### TASK BRIEF:
Go through the data below and return each line where the string "translate" occurs.

==== STUDY MATERIAL

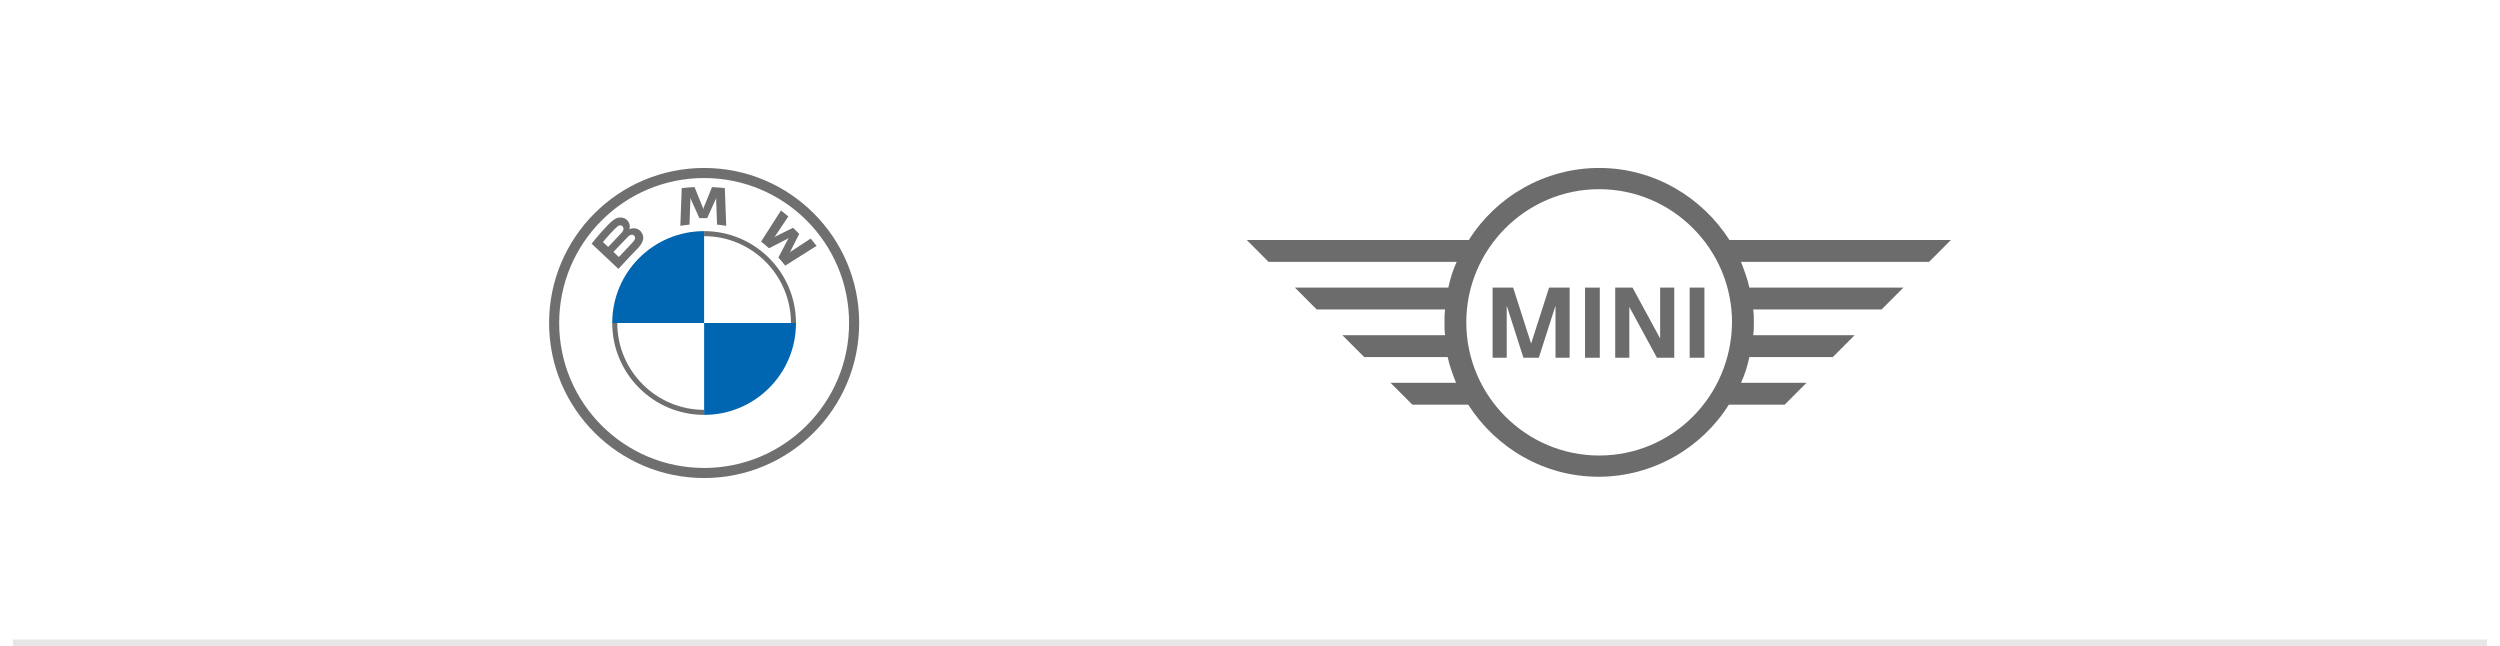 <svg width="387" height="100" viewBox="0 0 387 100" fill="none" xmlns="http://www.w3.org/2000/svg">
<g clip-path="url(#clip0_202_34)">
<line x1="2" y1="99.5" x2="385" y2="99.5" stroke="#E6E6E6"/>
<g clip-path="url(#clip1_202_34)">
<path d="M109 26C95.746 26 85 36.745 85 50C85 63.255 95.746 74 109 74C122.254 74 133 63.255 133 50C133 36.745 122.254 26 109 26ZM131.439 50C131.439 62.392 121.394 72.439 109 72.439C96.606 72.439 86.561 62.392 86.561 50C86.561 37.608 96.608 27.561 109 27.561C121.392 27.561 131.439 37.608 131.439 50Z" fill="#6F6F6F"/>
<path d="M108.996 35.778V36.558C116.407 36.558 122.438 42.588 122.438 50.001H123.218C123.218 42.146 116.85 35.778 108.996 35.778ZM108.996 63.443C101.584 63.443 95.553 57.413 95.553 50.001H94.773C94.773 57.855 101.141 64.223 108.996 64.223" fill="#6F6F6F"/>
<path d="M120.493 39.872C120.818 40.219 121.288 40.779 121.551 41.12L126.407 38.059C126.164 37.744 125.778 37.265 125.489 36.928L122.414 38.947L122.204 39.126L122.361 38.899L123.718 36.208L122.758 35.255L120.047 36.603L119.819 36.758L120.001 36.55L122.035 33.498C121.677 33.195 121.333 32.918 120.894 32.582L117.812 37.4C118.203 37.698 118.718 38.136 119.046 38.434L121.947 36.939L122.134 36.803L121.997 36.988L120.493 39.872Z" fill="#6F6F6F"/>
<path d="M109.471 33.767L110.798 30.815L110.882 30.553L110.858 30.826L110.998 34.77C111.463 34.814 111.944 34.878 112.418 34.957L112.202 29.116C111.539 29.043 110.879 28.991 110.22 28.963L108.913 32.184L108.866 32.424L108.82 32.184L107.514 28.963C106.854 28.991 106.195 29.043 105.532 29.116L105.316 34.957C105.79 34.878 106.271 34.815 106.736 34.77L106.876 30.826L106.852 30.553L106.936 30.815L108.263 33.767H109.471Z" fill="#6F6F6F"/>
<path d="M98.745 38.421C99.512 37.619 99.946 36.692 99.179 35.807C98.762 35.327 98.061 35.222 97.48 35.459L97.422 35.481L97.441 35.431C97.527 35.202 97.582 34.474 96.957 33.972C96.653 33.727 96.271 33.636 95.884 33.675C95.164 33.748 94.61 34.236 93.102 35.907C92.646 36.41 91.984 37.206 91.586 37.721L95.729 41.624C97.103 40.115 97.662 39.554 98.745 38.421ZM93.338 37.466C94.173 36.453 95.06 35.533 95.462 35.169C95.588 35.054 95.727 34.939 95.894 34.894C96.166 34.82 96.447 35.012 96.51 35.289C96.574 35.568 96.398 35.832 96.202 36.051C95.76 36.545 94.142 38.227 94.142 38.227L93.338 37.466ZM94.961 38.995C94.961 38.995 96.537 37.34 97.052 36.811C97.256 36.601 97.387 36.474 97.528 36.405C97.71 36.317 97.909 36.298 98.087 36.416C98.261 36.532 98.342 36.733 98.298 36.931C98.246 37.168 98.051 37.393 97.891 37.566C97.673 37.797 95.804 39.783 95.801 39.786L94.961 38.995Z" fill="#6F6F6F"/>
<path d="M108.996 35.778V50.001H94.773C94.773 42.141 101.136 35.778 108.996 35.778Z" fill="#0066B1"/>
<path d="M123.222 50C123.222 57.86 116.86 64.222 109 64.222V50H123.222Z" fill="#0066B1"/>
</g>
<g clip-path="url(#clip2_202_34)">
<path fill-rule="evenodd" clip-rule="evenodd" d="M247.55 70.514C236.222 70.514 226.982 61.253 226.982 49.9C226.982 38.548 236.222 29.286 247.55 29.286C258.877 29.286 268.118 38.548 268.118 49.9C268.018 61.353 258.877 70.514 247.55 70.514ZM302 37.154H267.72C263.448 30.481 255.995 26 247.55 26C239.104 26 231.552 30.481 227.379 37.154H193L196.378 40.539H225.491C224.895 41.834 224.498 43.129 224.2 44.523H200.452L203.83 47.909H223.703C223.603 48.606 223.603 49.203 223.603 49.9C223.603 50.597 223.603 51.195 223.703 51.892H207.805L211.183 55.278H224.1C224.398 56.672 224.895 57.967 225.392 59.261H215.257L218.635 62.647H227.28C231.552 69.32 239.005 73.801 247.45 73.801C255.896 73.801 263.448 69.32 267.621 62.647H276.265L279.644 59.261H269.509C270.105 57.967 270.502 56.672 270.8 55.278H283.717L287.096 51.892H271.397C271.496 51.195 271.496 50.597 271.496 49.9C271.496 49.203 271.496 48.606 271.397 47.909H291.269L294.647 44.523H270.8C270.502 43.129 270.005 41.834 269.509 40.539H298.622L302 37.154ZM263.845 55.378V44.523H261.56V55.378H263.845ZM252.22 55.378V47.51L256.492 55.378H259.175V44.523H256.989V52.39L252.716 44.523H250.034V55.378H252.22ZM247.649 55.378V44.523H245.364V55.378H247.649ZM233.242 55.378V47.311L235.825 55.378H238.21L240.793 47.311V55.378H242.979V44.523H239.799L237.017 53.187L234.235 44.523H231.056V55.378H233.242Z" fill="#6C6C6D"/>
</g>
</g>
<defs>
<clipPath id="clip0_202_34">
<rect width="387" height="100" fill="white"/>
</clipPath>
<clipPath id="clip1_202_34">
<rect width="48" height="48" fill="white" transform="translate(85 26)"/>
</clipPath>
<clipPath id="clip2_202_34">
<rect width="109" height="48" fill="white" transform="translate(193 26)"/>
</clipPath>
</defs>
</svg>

========

### OUTPUT FOR THIS TASK:
<rect width="48" height="48" fill="white" transform="translate(85 26)"/>
<rect width="109" height="48" fill="white" transform="translate(193 26)"/>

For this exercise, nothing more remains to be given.